The price range between the highest point to the lowest point indicates high price volatility when the price is far enough, for example, 50 pips.
In this volatile market sideways traders tend to choose the buy at low and sell at high options by placing a stop loss above the highest or below the lowest.
This is a really flat trend, in this condition, there is almost no volatility, price movements are very low, and as if there is no movement.
In this trend condition, it is very difficult to be able to make effective trading, so analysts will tend to leave the market.
Bearish describes the condition of a downward trend, while volatile describes conditions where price volatility is very high. This condition is similar to what happens in a Bullish volatile tend.

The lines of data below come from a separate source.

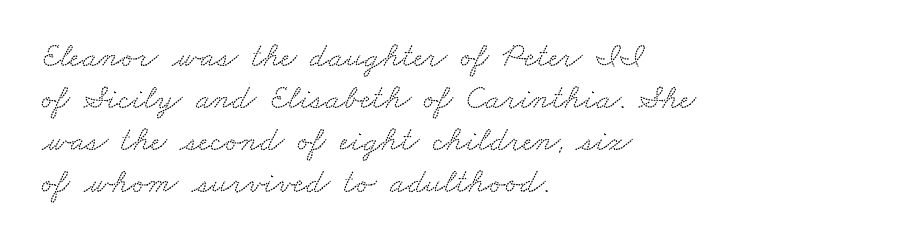
Q: Is the text underlined? A: No.
Q: How is the paragraph aligned? A: Left-aligned.
Q: Is the spacing between letters normal or unusually wide? A: Normal.
Q: Width (condensed, normal, or wide)? A: Wide.
Q: Stroke contrast? A: Low.
Q: x-height? A: Small.
Q: Monospaced? A: No.
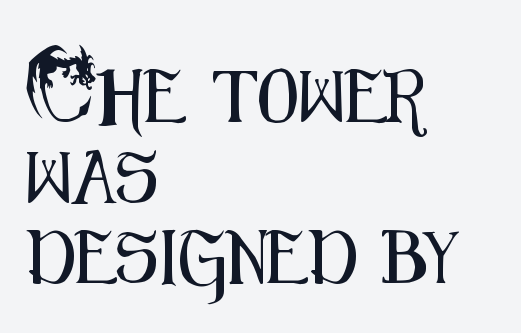
The image shows 53 px condensed sans-serif type, upright; set left-aligned, normal line spacing (1.52x), normal letter spacing, not underlined; medium stroke contrast and a small x-height.
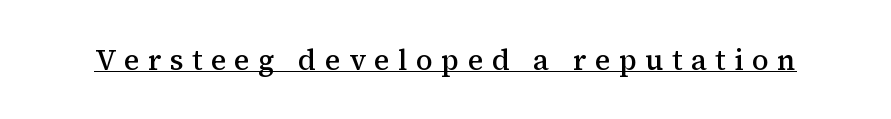
Q: Is the text bold? A: Semi-bold.
Q: Is the text italic (slanted)? A: No, it is upright.
Q: Is the typeface a serif or a sans-serif typeface? A: Serif.
Q: Is the text underlined? A: Yes.
Q: Is the spacing between letters normal or unusually wide? A: Unusually wide.
Q: Width (condensed, normal, or wide)? A: Normal.
Q: Stroke contrast? A: Medium.
Q: x-height? A: Medium.
Q: Monospaced? A: No.
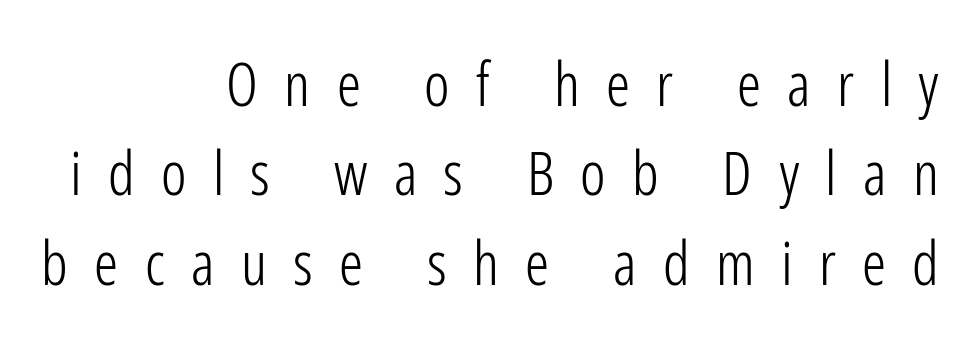
The image shows 60 px light, condensed sans-serif type, upright; set right-aligned, normal line spacing (1.49x), unusually wide letter spacing (+0.44 em), not underlined; low stroke contrast and a medium x-height.
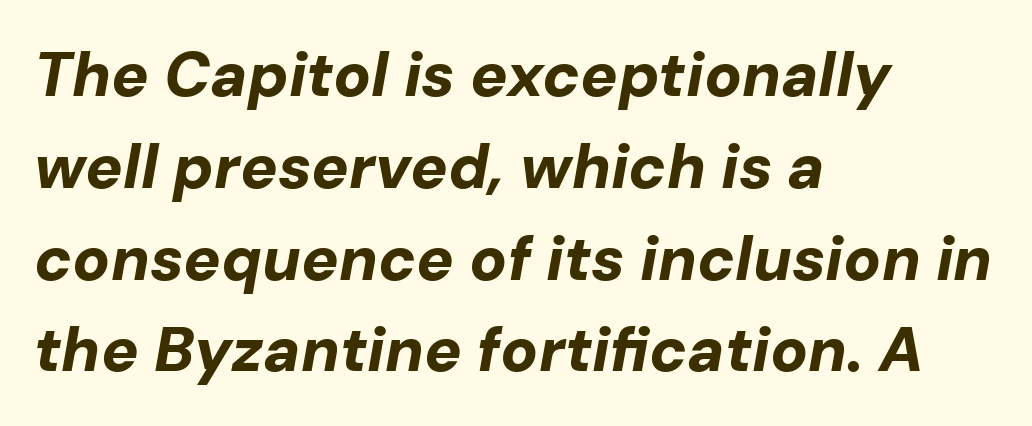
The image shows 62 px bold type, italic (leaning right); set left-aligned, normal line spacing (1.48x), normal letter spacing, not underlined; low stroke contrast and a medium x-height.
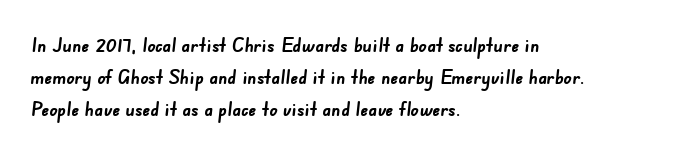
{"bold": "yes", "underline": "no", "align": "left", "line_spacing": "normal", "line_spacing_ratio": 1.59, "letter_spacing": "normal", "letter_spacing_em": 0.0, "glyph_px": 20}
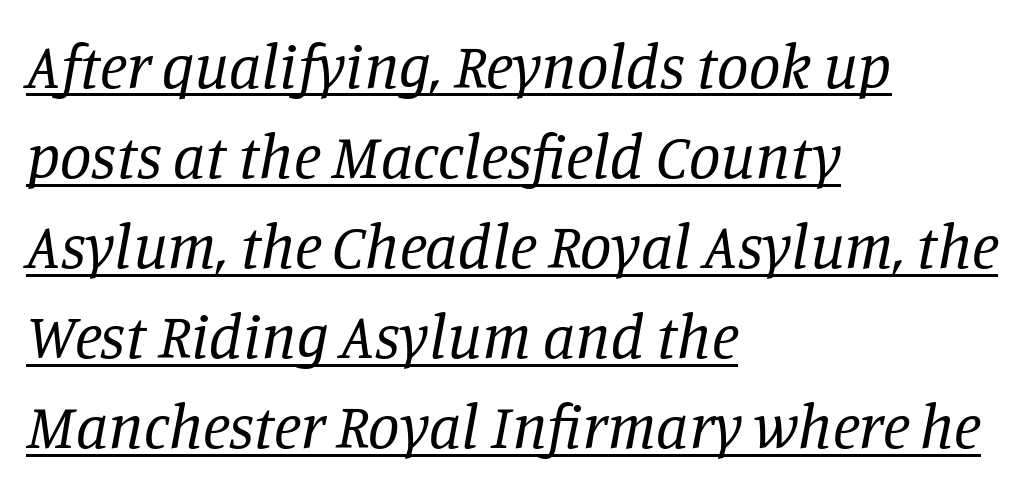
Q: Is the text bold? A: No.
Q: Is the text italic (slanted)? A: Yes, it leans right by about 11 degrees.
Q: Is the typeface a serif or a sans-serif typeface? A: Serif.
Q: Is the text underlined? A: Yes.
Q: How is the paragraph aligned? A: Left-aligned.
Q: Is the spacing between letters normal or unusually wide? A: Normal.
Q: Is the spacing between lines tight, normal or loose? A: Normal.
Q: Width (condensed, normal, or wide)? A: Normal.
Q: Stroke contrast? A: Low.
Q: x-height? A: Large.
Q: Monospaced? A: No.
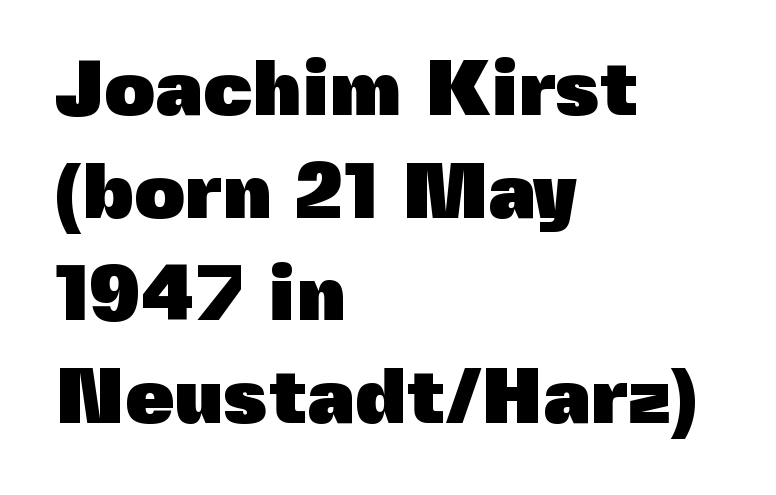
{"serif": "no", "italic": "no", "bold": "yes", "weight": "heavy", "width": "normal", "x_height": "medium", "monospaced": "no", "underline": "no", "align": "left", "line_spacing": "normal", "line_spacing_ratio": 1.3, "letter_spacing": "normal", "letter_spacing_em": 0.0, "glyph_px": 79}
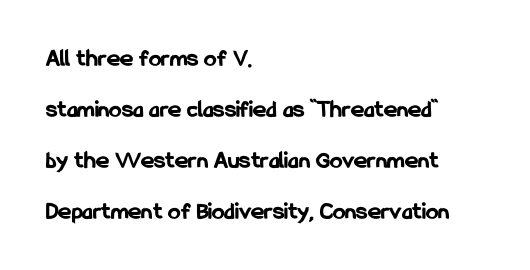
Q: Is the text bold? A: Yes.
Q: Is the text italic (slanted)? A: No, it is upright.
Q: Is the text underlined? A: No.
Q: How is the paragraph aligned? A: Left-aligned.
Q: Is the spacing between letters normal or unusually wide? A: Normal.
Q: Is the spacing between lines tight, normal or loose? A: Loose.
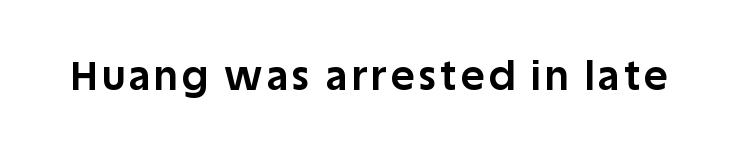
The glyphs have the mass of a bold cut. Here the designer chose a conventional face with non-uniform glyph widths. Typographically, this falls in the sans-serif category. Do the letters lean? They stand straight. Just letters on the line, the space beneath them empty.
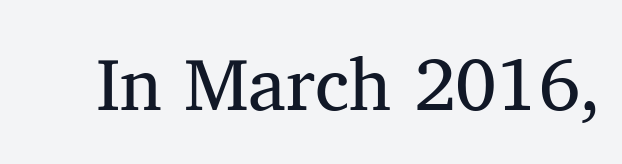
The image shows 74 px regular-weight serif type, upright; set normal letter spacing, not underlined; medium stroke contrast and a medium x-height.
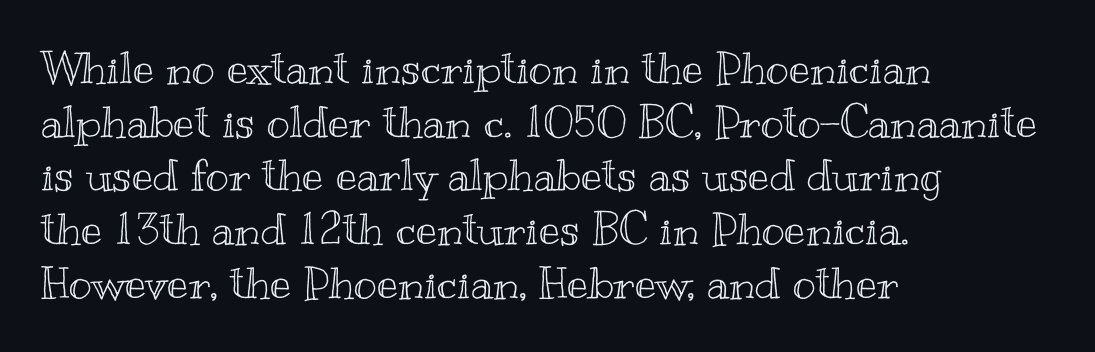
The image shows 44 px wide type, upright; set left-aligned, line spacing 1.22x, normal letter spacing, not underlined; a small x-height.
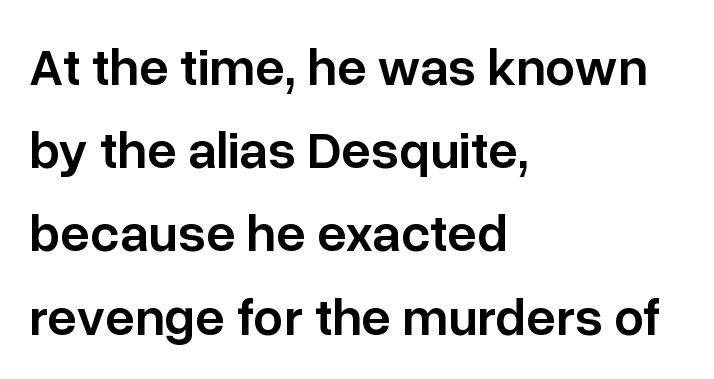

it only differs in the direction of the trend, where bullish volatile is in an uptrend while bearish volatile is in a downtrend. How to trade is to select the Sell option and determine which targets use fixed targets and others use trailing stops.
Quiet describes the low volatility, although overall the trend is bearish, but the price movement is very slow, so if we draw a trend line it will appear to be more sloping than bearish volatile.
Knowing or learning about the concept of market trends is very important to all traders. This is because market trends play a major role for traders in capturing opportunities to profit from price changes in a market trend.
Types of market trends can indeed be analyzed based on several points of view, but in practice still requires a more detailed understanding of understanding the concept of trends. When will the new trend begin, and when it will end.